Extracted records

====

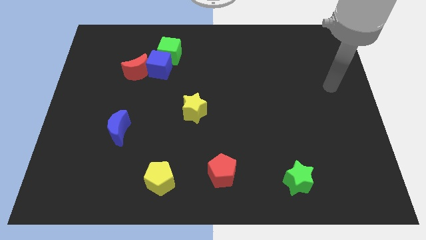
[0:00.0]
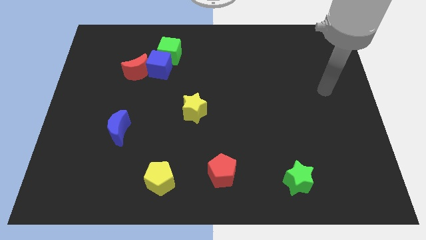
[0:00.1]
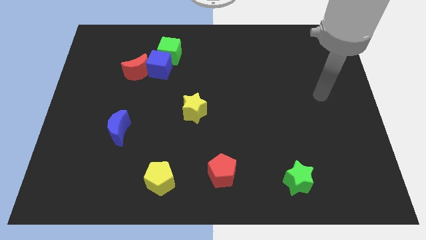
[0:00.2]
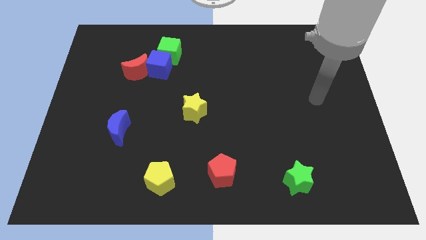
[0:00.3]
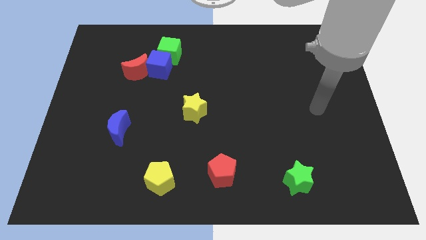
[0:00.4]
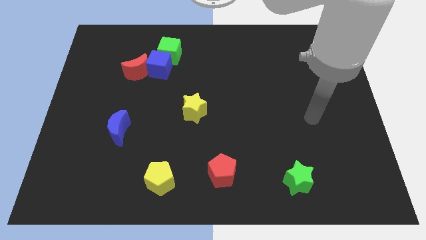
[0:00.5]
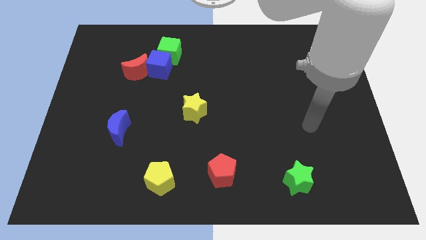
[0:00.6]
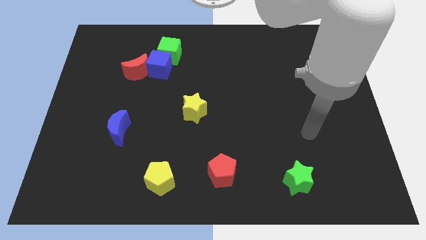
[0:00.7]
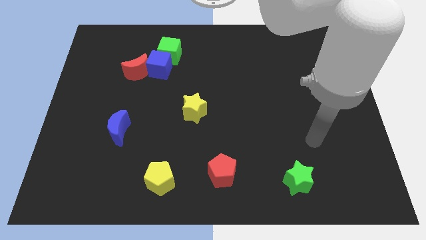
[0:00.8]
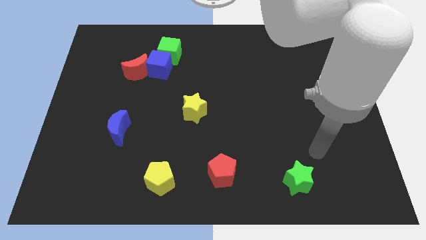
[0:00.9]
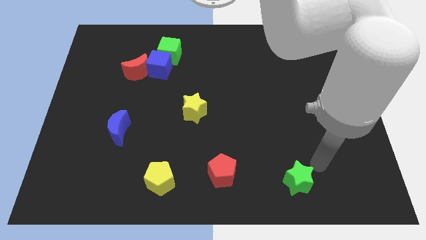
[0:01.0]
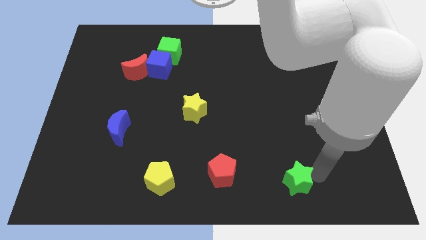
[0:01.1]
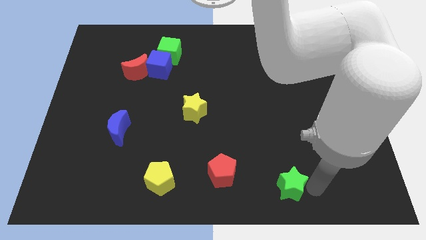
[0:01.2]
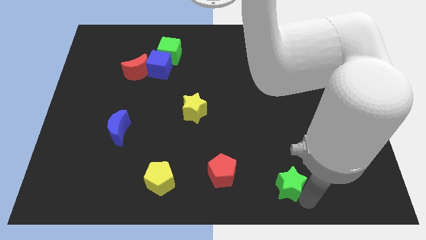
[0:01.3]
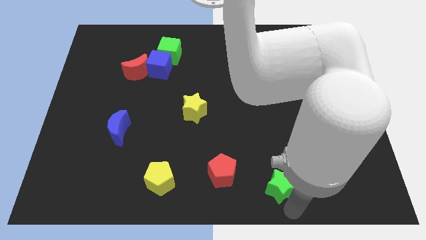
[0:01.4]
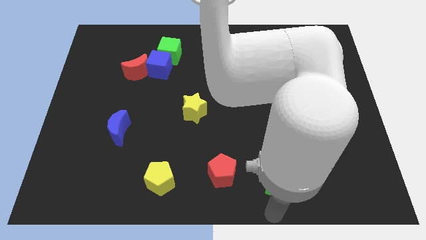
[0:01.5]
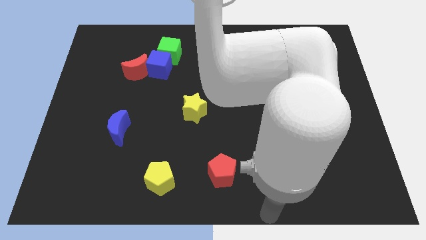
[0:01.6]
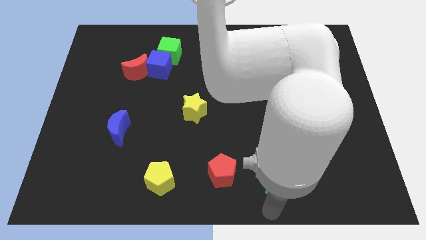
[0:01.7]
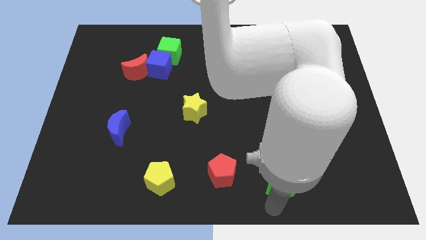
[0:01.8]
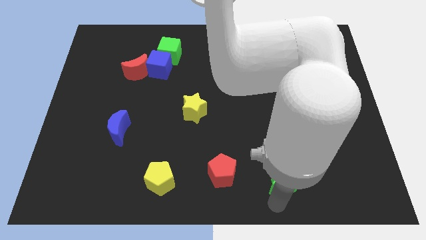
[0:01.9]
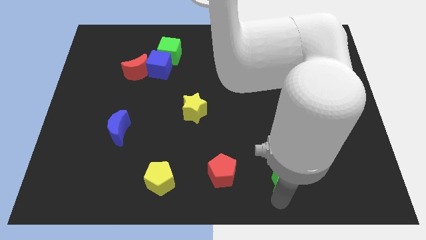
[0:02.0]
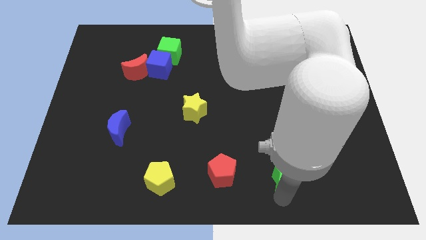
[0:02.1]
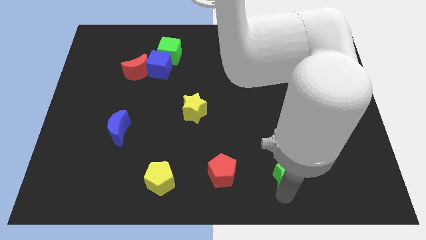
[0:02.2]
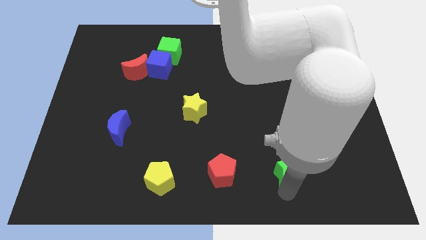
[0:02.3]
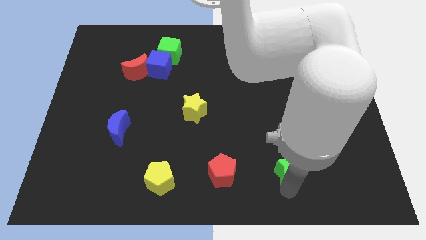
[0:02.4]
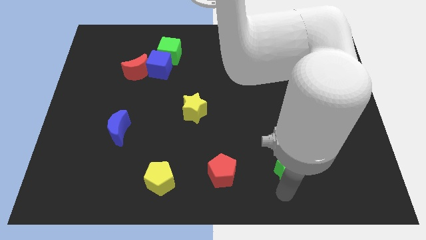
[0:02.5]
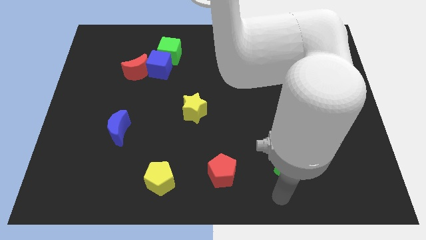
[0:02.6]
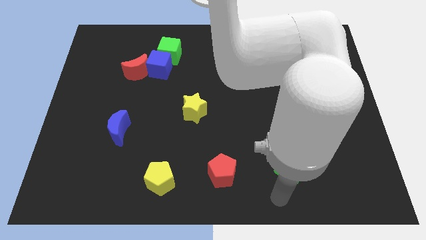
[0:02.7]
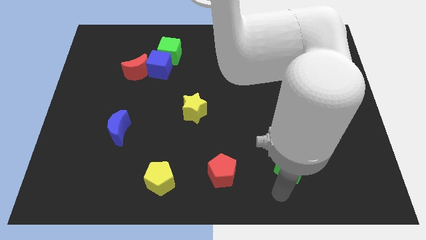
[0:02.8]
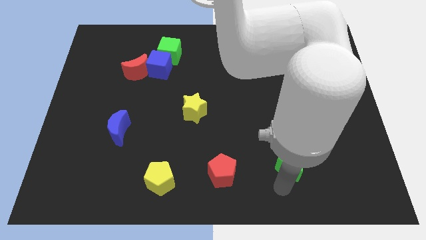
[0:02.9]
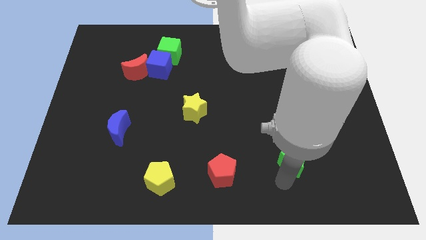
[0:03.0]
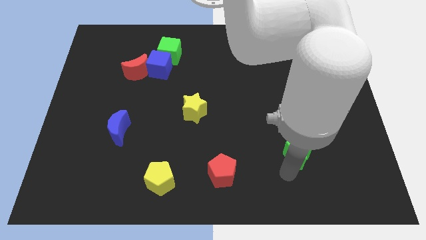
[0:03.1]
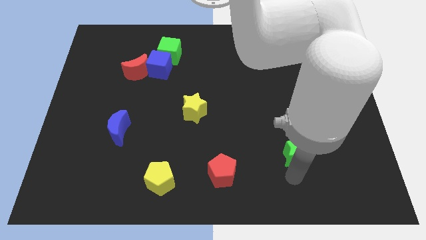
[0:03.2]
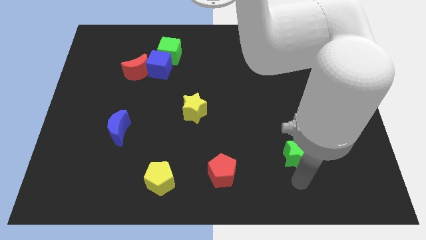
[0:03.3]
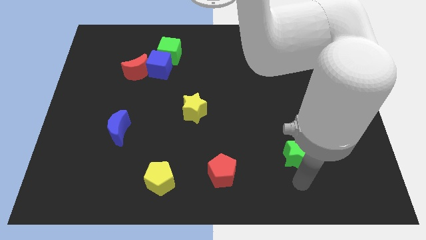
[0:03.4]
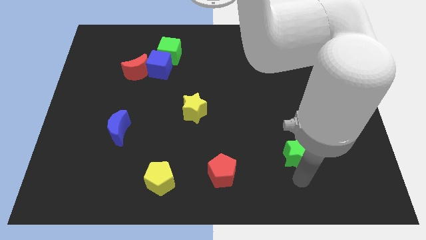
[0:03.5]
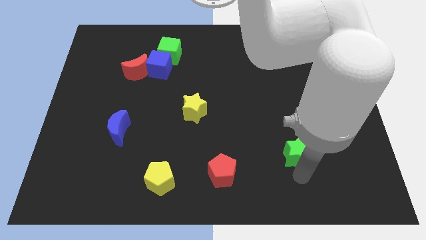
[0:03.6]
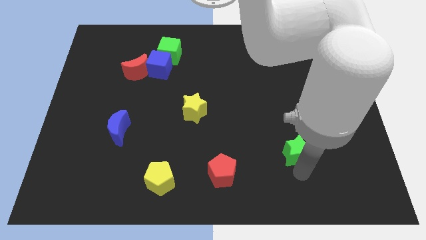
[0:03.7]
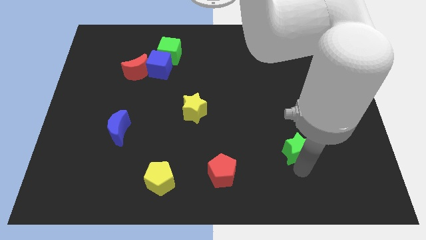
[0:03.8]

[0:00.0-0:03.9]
push the green star a little bit up

====

Assigned task: Every last line above must be reproduced as written, and no pictures belong in the copy.

Exercise result:
[0:00.0]
[0:00.1]
[0:00.2]
[0:00.3]
[0:00.4]
[0:00.5]
[0:00.6]
[0:00.7]
[0:00.8]
[0:00.9]
[0:01.0]
[0:01.1]
[0:01.2]
[0:01.3]
[0:01.4]
[0:01.5]
[0:01.6]
[0:01.7]
[0:01.8]
[0:01.9]
[0:02.0]
[0:02.1]
[0:02.2]
[0:02.3]
[0:02.4]
[0:02.5]
[0:02.6]
[0:02.7]
[0:02.8]
[0:02.9]
[0:03.0]
[0:03.1]
[0:03.2]
[0:03.3]
[0:03.4]
[0:03.5]
[0:03.6]
[0:03.7]
[0:03.8]

[0:00.0-0:03.9]
push the green star a little bit up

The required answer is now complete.